#### Task
Give back every record word for word, keeping the pictures out.

#### Data for analysis
Segment Open

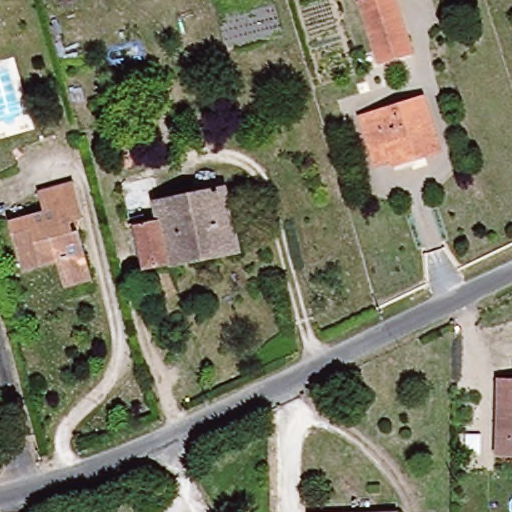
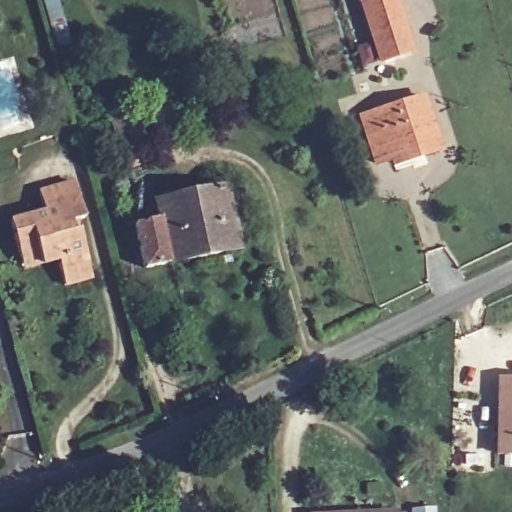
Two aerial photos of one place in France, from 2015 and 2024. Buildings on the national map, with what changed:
unchanged [(362,2),(371,0),(399,0),(413,50),(379,60),(362,2)]
unchanged [(428,98),(441,153),(392,165),(390,159),(374,163),(362,115),(428,98)]
unchanged [(247,248),(151,272),(139,228),(134,229),(124,189),(153,182),(160,204),(214,192),(213,180),(229,177),(247,248)]
unchanged [(86,263),(89,276),(62,283),(56,260),(25,268),(12,222),(44,213),(38,188),(72,179),(82,218),(76,220),(86,263)]
unchanged [(512,376),(512,451),(496,451),(496,376),(512,376)]
unchanged [(355,512),(397,511),(397,512),(355,512)]

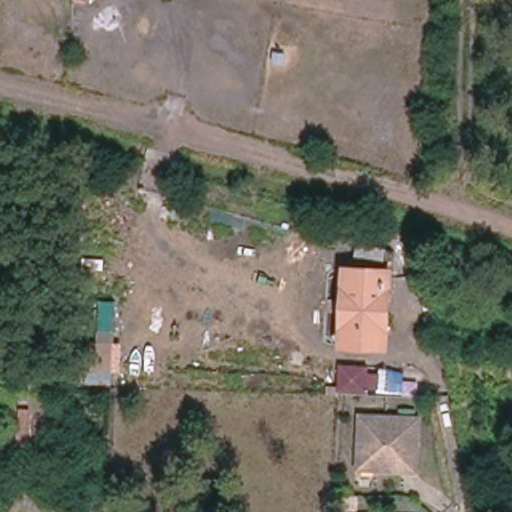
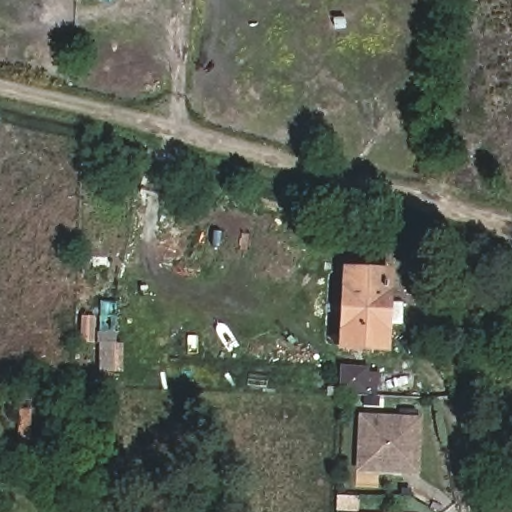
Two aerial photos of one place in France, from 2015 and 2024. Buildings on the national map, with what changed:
unchanged [(384,347),(343,346),(345,271),(388,272),(384,347)]
unchanged [(418,471),(360,469),(362,416),(419,418),(418,471)]

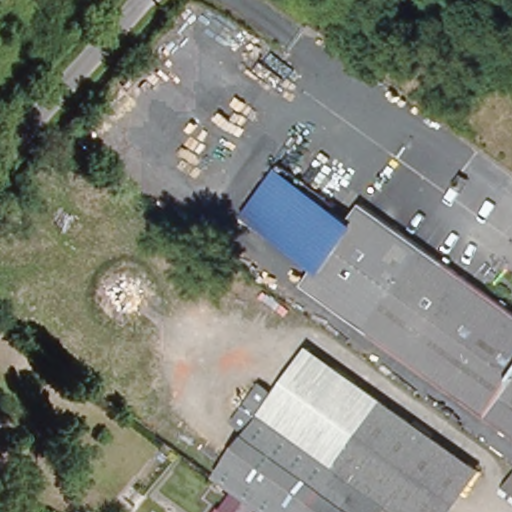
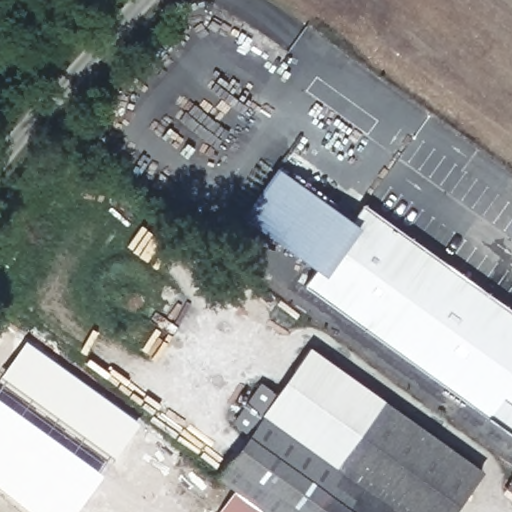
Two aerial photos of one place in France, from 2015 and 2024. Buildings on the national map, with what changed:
unchanged [(321,261),(249,210),(276,169),(351,218),(363,200),(512,302),(512,424),(309,280),(321,261)]
new [(23,512),(0,494),(0,377),(23,344),(137,427),(77,512),(23,512)]
unchanged [(279,389),(309,346),(481,466),(450,512),(397,512),(260,417),(279,389)]
unchanged [(279,389),(260,417),(397,512),(385,512),(259,426),(248,440),(227,424),(262,376),(279,389)]
unchanged [(248,440),(259,426),(385,512),(258,512),(215,482),(248,440)]
unchanged [(512,475),(512,510),(495,498),(512,475)]
unchanged [(212,480),(215,482),(258,512),(212,512),(197,501),(212,480)]

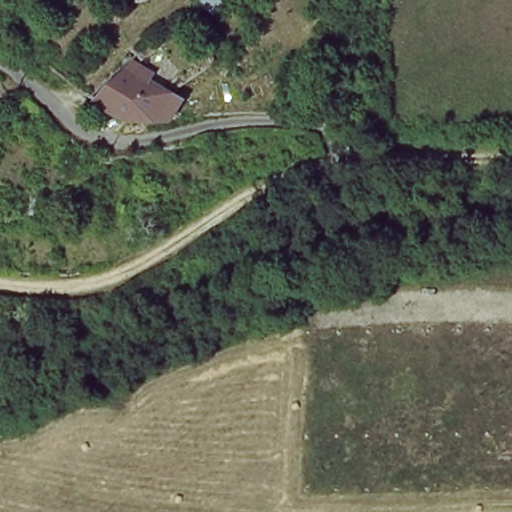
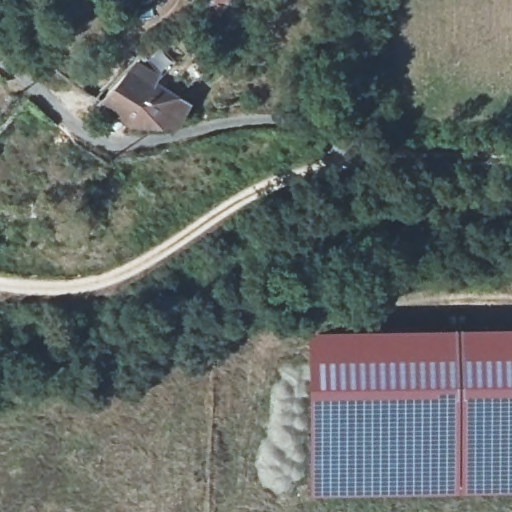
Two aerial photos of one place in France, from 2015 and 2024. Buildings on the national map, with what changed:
unchanged [(223,15),(199,1),(200,0),(232,0),(223,15)]
unchanged [(161,73),(157,79),(190,99),(175,125),(127,124),(99,100),(137,58),(161,73)]
unchanged [(3,242),(0,260),(0,242),(3,242)]
new [(512,499),(315,499),(319,330),(512,328),(512,499)]

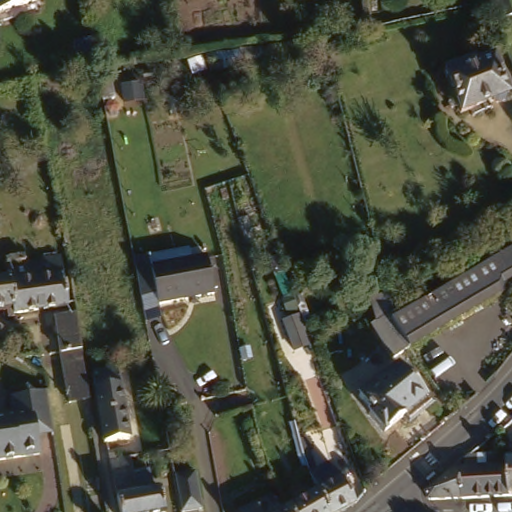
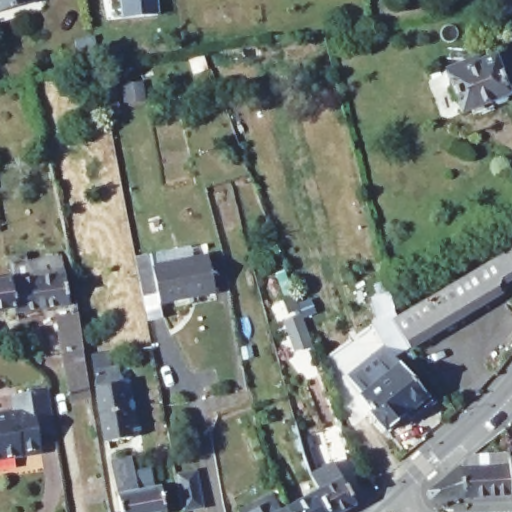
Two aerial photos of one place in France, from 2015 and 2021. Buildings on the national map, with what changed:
unchanged [(0,12),(0,0),(37,0),(0,12)]
new [(158,16),(123,19),(122,0),(157,0),(158,16)]
unchanged [(481,69),(490,64),(488,60),(493,57),(495,62),(501,60),(502,61),(512,57),(512,99),(466,118),(462,110),(455,112),(452,106),(460,104),(449,76),(479,64),(481,69)]
unchanged [(162,262),(218,250),(225,288),(167,300),(165,291),(153,293),(145,252),(159,249),(162,262)]
unchanged [(10,261),(15,259),(15,253),(32,250),(33,257),(63,252),(65,269),(69,268),(73,301),(19,310),(14,277),(10,261)]
unchanged [(380,325),(385,322),(378,298),(394,295),(401,321),(416,312),(512,253),(512,288),(509,297),(418,352),(401,358),(392,346),(380,325)]
unchanged [(14,277),(19,310),(19,312),(15,312),(14,305),(0,306),(0,279),(14,277)]
unchanged [(96,397),(75,401),(64,330),(59,330),(57,320),(62,320),(61,312),(83,308),(96,397)]
unchanged [(408,364),(441,402),(419,421),(414,416),(395,432),(391,428),(378,413),(380,411),(369,397),(390,381),(408,364)]
unchanged [(114,439),(112,439),(111,439),(103,396),(98,372),(124,367),(129,391),(137,435),(114,439)]
unchanged [(43,432),(45,449),(0,455),(0,412),(16,410),(15,392),(52,387),(58,421),(60,431),(43,432)]
unchanged [(327,497),(317,478),(313,462),(333,452),(346,478),(359,501),(363,497),(368,505),(354,512),(297,512),(299,511),(327,497)]
unchanged [(174,512),(129,512),(120,463),(121,462),(120,457),(128,456),(129,461),(140,458),(148,493),(169,488),(174,512)]
unchanged [(512,458),(512,494),(435,497),(433,488),(466,462),(512,458)]
unchanged [(203,506),(204,512),(185,512),(180,486),(179,483),(196,480),(203,506)]
unchanged [(291,512),(257,512),(283,497),(291,512)]

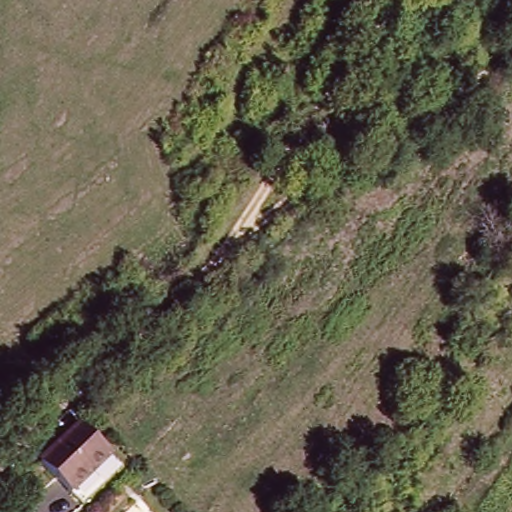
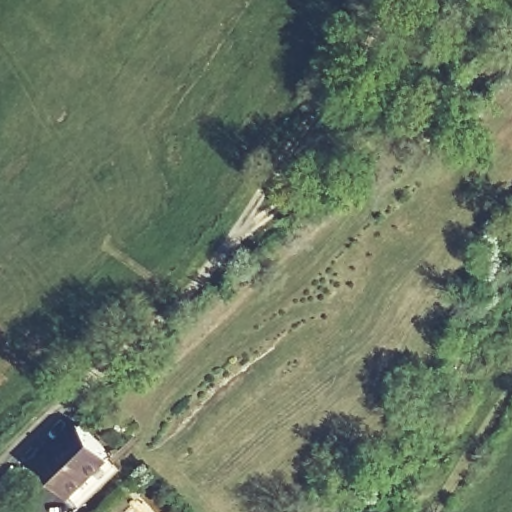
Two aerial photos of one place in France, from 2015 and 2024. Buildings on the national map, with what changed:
unchanged [(87,504),(79,496),(45,461),(83,423),(117,458),(125,466),(87,504)]

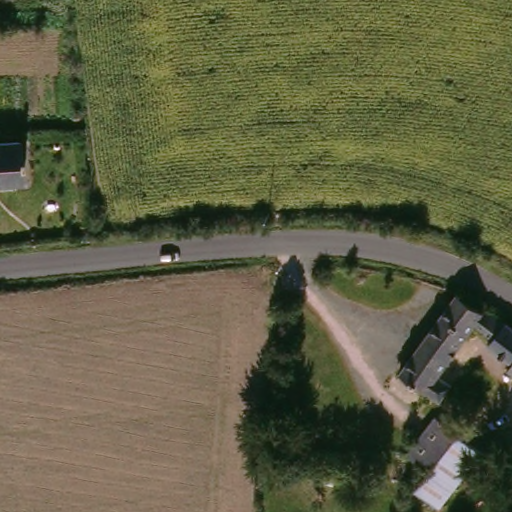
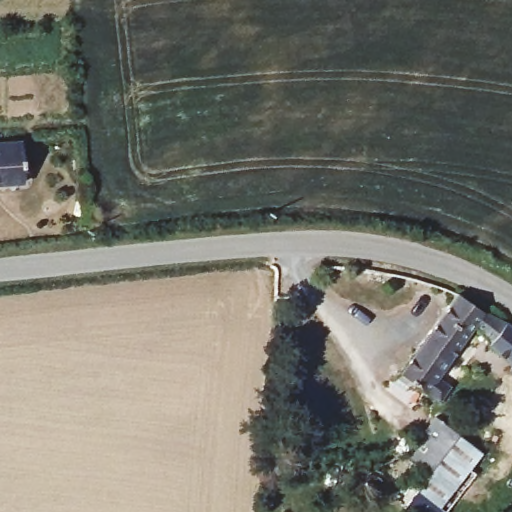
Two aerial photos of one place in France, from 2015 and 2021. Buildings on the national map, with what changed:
unchanged [(21,142),(24,185),(0,186),(0,143),(21,142)]
unchanged [(476,347),(477,345),(459,331),(412,400),(387,382),(447,297),(488,322),(489,321),(512,338),(512,355),(503,366),(476,347)]
unchanged [(503,366),(512,355),(512,382),(498,372),(503,366)]
unchanged [(476,457),(432,512),(408,492),(452,437),(476,457)]

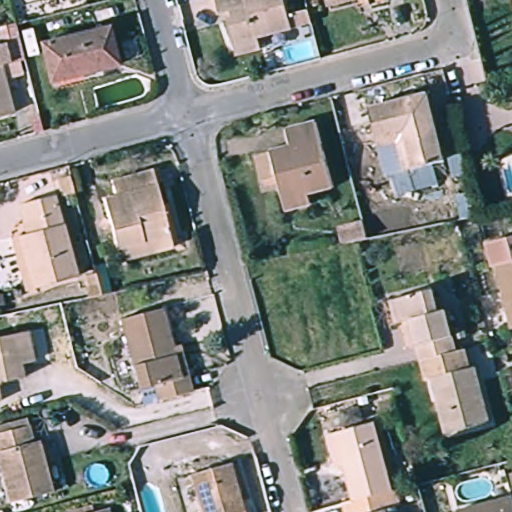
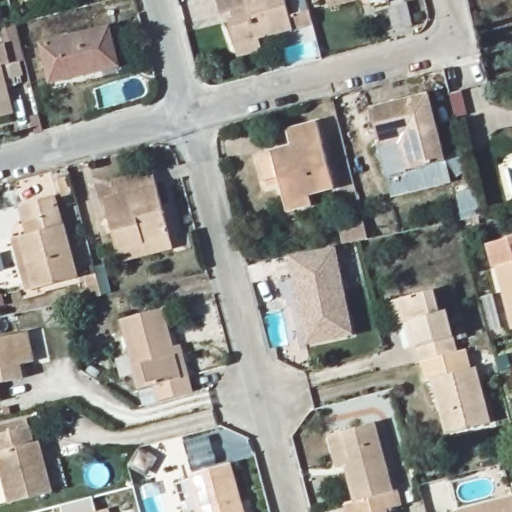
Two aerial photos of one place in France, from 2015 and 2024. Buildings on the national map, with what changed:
unchanged [(280,34),(281,46),(241,55),(232,23),(240,20),(238,11),(218,16),(214,0),(287,0),(294,29),(280,34)]
new [(12,73),(6,51),(3,52),(0,43),(0,33),(16,29),(26,65),(21,66),(25,79),(15,82),(17,90),(8,93),(5,84),(3,75),(12,73)]
unchanged [(98,31),(108,76),(57,89),(43,45),(98,31)]
unchanged [(13,118),(0,121),(0,72),(13,118)]
unchanged [(430,96),(448,165),(409,172),(403,141),(381,146),(375,109),(430,96)]
unchanged [(290,235),(285,217),(276,188),(258,192),(253,169),(294,159),(292,146),(336,135),(351,198),(311,211),(314,228),(290,235)]
unchanged [(120,255),(108,210),(123,206),(118,193),(156,182),(171,236),(120,255)]
unchanged [(60,197),(81,275),(40,289),(26,239),(39,236),(30,206),(60,197)]
unchanged [(177,257),(126,273),(120,255),(171,236),(177,257)]
new [(306,336),(291,262),(337,253),(355,341),(329,347),(309,351),(306,336)]
unchanged [(501,268),(512,265),(512,321),(501,268)]
unchanged [(423,351),(415,352),(404,305),(438,298),(445,320),(451,319),(462,358),(430,367),(427,367),(423,351)]
unchanged [(163,397),(158,382),(143,387),(126,328),(168,317),(183,376),(193,374),(198,390),(163,397)]
unchanged [(45,358),(33,362),(34,372),(3,378),(5,399),(0,400),(0,340),(40,330),(45,358)]
unchanged [(471,378),(476,377),(491,428),(448,440),(430,367),(462,358),(464,357),(471,378)]
unchanged [(30,455),(40,453),(53,501),(11,511),(0,462),(0,444),(25,438),(30,455)]
unchanged [(360,511),(351,482),(343,482),(334,453),(375,443),(396,512),(358,512),(360,511)]
unchanged [(193,479),(234,469),(245,512),(202,512),(193,479)]
unchanged [(460,511),(512,499),(512,512),(460,512),(460,511)]

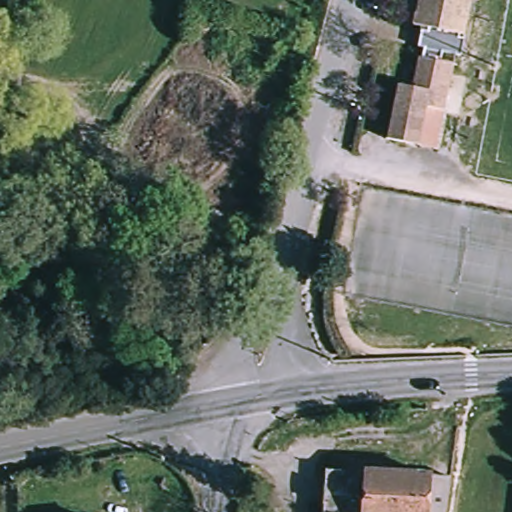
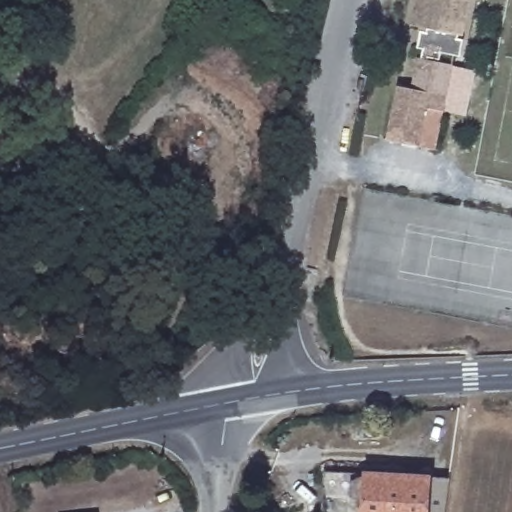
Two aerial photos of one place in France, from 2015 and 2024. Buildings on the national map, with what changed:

Segment Closed

#### Written response
Two aerial photos of one place in France, from 2015 and 2024. Buildings on the national map, with what changed:
unchanged [(362,2),(371,0),(399,0),(413,50),(379,60),(362,2)]
unchanged [(428,98),(441,153),(392,165),(390,159),(374,163),(362,115),(428,98)]
unchanged [(247,248),(151,272),(139,228),(134,229),(124,189),(153,182),(160,204),(214,192),(213,180),(229,177),(247,248)]
unchanged [(86,263),(89,276),(62,283),(56,260),(25,268),(12,222),(44,213),(38,188),(72,179),(82,218),(76,220),(86,263)]
unchanged [(512,376),(512,451),(496,451),(496,376),(512,376)]
unchanged [(355,512),(397,511),(397,512),(355,512)]

Two aerial photos of one place in France, from 2015 and 2024. Buildings on the national map, with what changed:
unchanged [(384,347),(343,346),(345,271),(388,272),(384,347)]
unchanged [(418,471),(360,469),(362,416),(419,418),(418,471)]

Two aerial photos of one place in France, from 2015 and 2024. Buildings on the national map, with what changed:
unchanged [(321,261),(249,210),(276,169),(351,218),(363,200),(512,302),(512,424),(309,280),(321,261)]
new [(23,512),(0,494),(0,377),(23,344),(137,427),(77,512),(23,512)]
unchanged [(279,389),(309,346),(481,466),(450,512),(397,512),(260,417),(279,389)]
unchanged [(279,389),(260,417),(397,512),(385,512),(259,426),(248,440),(227,424),(262,376),(279,389)]
unchanged [(248,440),(259,426),(385,512),(258,512),(215,482),(248,440)]
unchanged [(512,475),(512,510),(495,498),(512,475)]
unchanged [(212,480),(215,482),(258,512),(212,512),(197,501),(212,480)]

Two aerial photos of one place in France, from 2015 and 2024. Buildings on the national map, with what changed:
unchanged [(223,15),(199,1),(200,0),(232,0),(223,15)]
unchanged [(161,73),(157,79),(190,99),(175,125),(127,124),(99,100),(137,58),(161,73)]
unchanged [(3,242),(0,260),(0,242),(3,242)]
new [(512,499),(315,499),(319,330),(512,328),(512,499)]

Two aerial photos of one place in France, from 2015 and 2021. Buildings on the national map, with what changed:
unchanged [(0,12),(0,0),(37,0),(0,12)]
new [(158,16),(123,19),(122,0),(157,0),(158,16)]
unchanged [(481,69),(490,64),(488,60),(493,57),(495,62),(501,60),(502,61),(512,57),(512,99),(466,118),(462,110),(455,112),(452,106),(460,104),(449,76),(479,64),(481,69)]
unchanged [(162,262),(218,250),(225,288),(167,300),(165,291),(153,293),(145,252),(159,249),(162,262)]
unchanged [(10,261),(15,259),(15,253),(32,250),(33,257),(63,252),(65,269),(69,268),(73,301),(19,310),(14,277),(10,261)]
unchanged [(380,325),(385,322),(378,298),(394,295),(401,321),(416,312),(512,253),(512,288),(509,297),(418,352),(401,358),(392,346),(380,325)]
unchanged [(14,277),(19,310),(19,312),(15,312),(14,305),(0,306),(0,279),(14,277)]
unchanged [(96,397),(75,401),(64,330),(59,330),(57,320),(62,320),(61,312),(83,308),(96,397)]
unchanged [(408,364),(441,402),(419,421),(414,416),(395,432),(391,428),(378,413),(380,411),(369,397),(390,381),(408,364)]
unchanged [(114,439),(112,439),(111,439),(103,396),(98,372),(124,367),(129,391),(137,435),(114,439)]
unchanged [(43,432),(45,449),(0,455),(0,412),(16,410),(15,392),(52,387),(58,421),(60,431),(43,432)]
unchanged [(327,497),(317,478),(313,462),(333,452),(346,478),(359,501),(363,497),(368,505),(354,512),(297,512),(299,511),(327,497)]
unchanged [(174,512),(129,512),(120,463),(121,462),(120,457),(128,456),(129,461),(140,458),(148,493),(169,488),(174,512)]
unchanged [(512,458),(512,494),(435,497),(433,488),(466,462),(512,458)]
unchanged [(203,506),(204,512),(185,512),(180,486),(179,483),(196,480),(203,506)]
unchanged [(291,512),(257,512),(283,497),(291,512)]

Two aerial photos of one place in France, from 2015 and 2024. Buildings on the national map, with what changed:
unchanged [(87,504),(79,496),(45,461),(83,423),(117,458),(125,466),(87,504)]

Two aerial photos of one place in France, from 2015 and 2021. Buildings on the national map, with what changed:
unchanged [(21,142),(24,185),(0,186),(0,143),(21,142)]
unchanged [(476,347),(477,345),(459,331),(412,400),(387,382),(447,297),(488,322),(489,321),(512,338),(512,355),(503,366),(476,347)]
unchanged [(503,366),(512,355),(512,382),(498,372),(503,366)]
unchanged [(476,457),(432,512),(408,492),(452,437),(476,457)]

Two aerial photos of one place in France, from 2015 and 2024. Buildings on the national map, with what changed:
unchanged [(280,34),(281,46),(241,55),(232,23),(240,20),(238,11),(218,16),(214,0),(287,0),(294,29),(280,34)]
new [(12,73),(6,51),(3,52),(0,43),(0,33),(16,29),(26,65),(21,66),(25,79),(15,82),(17,90),(8,93),(5,84),(3,75),(12,73)]
unchanged [(98,31),(108,76),(57,89),(43,45),(98,31)]
unchanged [(13,118),(0,121),(0,72),(13,118)]
unchanged [(430,96),(448,165),(409,172),(403,141),(381,146),(375,109),(430,96)]
unchanged [(290,235),(285,217),(276,188),(258,192),(253,169),(294,159),(292,146),(336,135),(351,198),(311,211),(314,228),(290,235)]
unchanged [(120,255),(108,210),(123,206),(118,193),(156,182),(171,236),(120,255)]
unchanged [(60,197),(81,275),(40,289),(26,239),(39,236),(30,206),(60,197)]
unchanged [(177,257),(126,273),(120,255),(171,236),(177,257)]
new [(306,336),(291,262),(337,253),(355,341),(329,347),(309,351),(306,336)]
unchanged [(501,268),(512,265),(512,321),(501,268)]
unchanged [(423,351),(415,352),(404,305),(438,298),(445,320),(451,319),(462,358),(430,367),(427,367),(423,351)]
unchanged [(163,397),(158,382),(143,387),(126,328),(168,317),(183,376),(193,374),(198,390),(163,397)]
unchanged [(45,358),(33,362),(34,372),(3,378),(5,399),(0,400),(0,340),(40,330),(45,358)]
unchanged [(471,378),(476,377),(491,428),(448,440),(430,367),(462,358),(464,357),(471,378)]
unchanged [(30,455),(40,453),(53,501),(11,511),(0,462),(0,444),(25,438),(30,455)]
unchanged [(360,511),(351,482),(343,482),(334,453),(375,443),(396,512),(358,512),(360,511)]
unchanged [(193,479),(234,469),(245,512),(202,512),(193,479)]
unchanged [(460,511),(512,499),(512,512),(460,512),(460,511)]

Two aerial photos of one place in France, from 2015 and 2024. Buildings on the national map, with what changed:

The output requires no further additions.